The prostate gland consists of multiple small glandular elements embedded in a vascularized connective tissue stroma (Fig. 19.1). Each small glandular element is defined by an outer basement membrane on which a layer of basal epithelial cells is situated (Fig. 19.1). In these basal cells, the androgen receptor (AR) is silenced. One prevailing view regarding normal prostate epithelial differentiation is that when AR is induced by unknown mechanisms in the presence of androgen, basal cells differentiate into luminal cells and a minor population of neuroendocrine cells. These events may be reproduced in in vitro cultures of immortalized basal cells which can be propagated as transit amplifying (TA) cells in growth media with low-calcium concentration [2] (Fig. 19.1). The lineage relationships between basal and luminal cells, and in particular which one is the cell of origin of prostate cancer and of putative prostate cancer stem cells (CSCs), have been vigorously debated [3, 4]. The bulk of prostate adenocarcinoma cells retain mostly luminal cell expression patterns, but evidence has been provided to support both basal cells and luminal cells as the cell of origin of prostate cancer. Recent work has revealed considerable plasticity in the differentiation pathways and suggested that it may be more fruitful to focus on the activated regulatory networks and mechanisms [4]. There are, however, strong clues that the key regulatory mechanisms in normal prostate epithelial differentiation are retained in a perverted form in advanced prostate cancer. This notion is exemplified by the importance of the AR transcription factor during prostate cancer progression, including in castration-resistant prostate cancer (CRPC) [5], and by the neuroendocrine differentiation [6, 7] in end-stage prostate cancer. The unknown activation status of AR in putative prostate CSCs remains an important unresolved question with significant therapeutic consequences [8].

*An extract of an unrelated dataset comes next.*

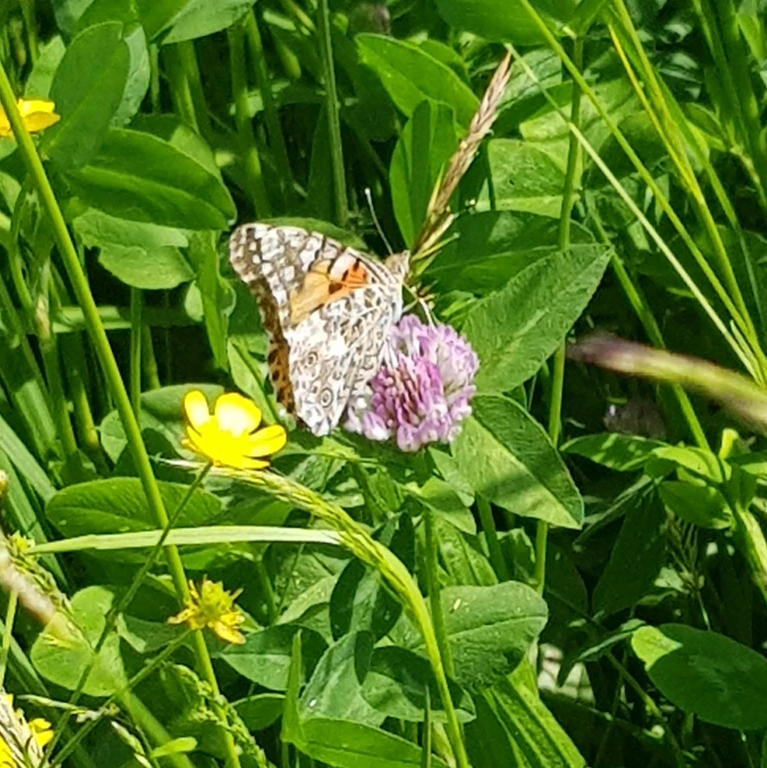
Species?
Vanessa cardui
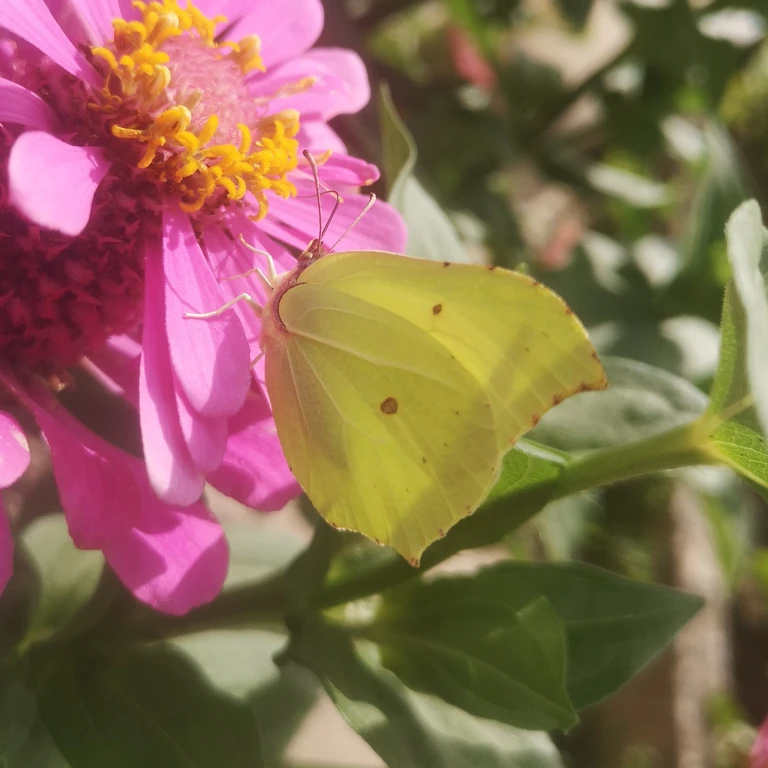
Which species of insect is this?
Gonepteryx rhamni

Primary prostate epithelial cells (PrECs) can be obtained from biopsies and surgical material, as well as commercially, and can be propagated for a limited number of passages in monolayers. PrECs have been immortalized using either hTERT (human telomerase reverse transcriptase) or the transforming elements of DNA viruses [9–11]. The 957E/hTERT cells [12, 13] and EP156T cells [14] were immortalized by exogenous expression of hTERT. PZ-HPV7, CA-HPV10, and RWPE-1 cells were immortalized by human papilloma virus (HPV) transforming elements [15]. Immortalization of PrECs has been achieved without exogenous gene expression [4, 16–18], but there is no model available of PrECs that spontaneously have transformed into malignant cell lines in vitro.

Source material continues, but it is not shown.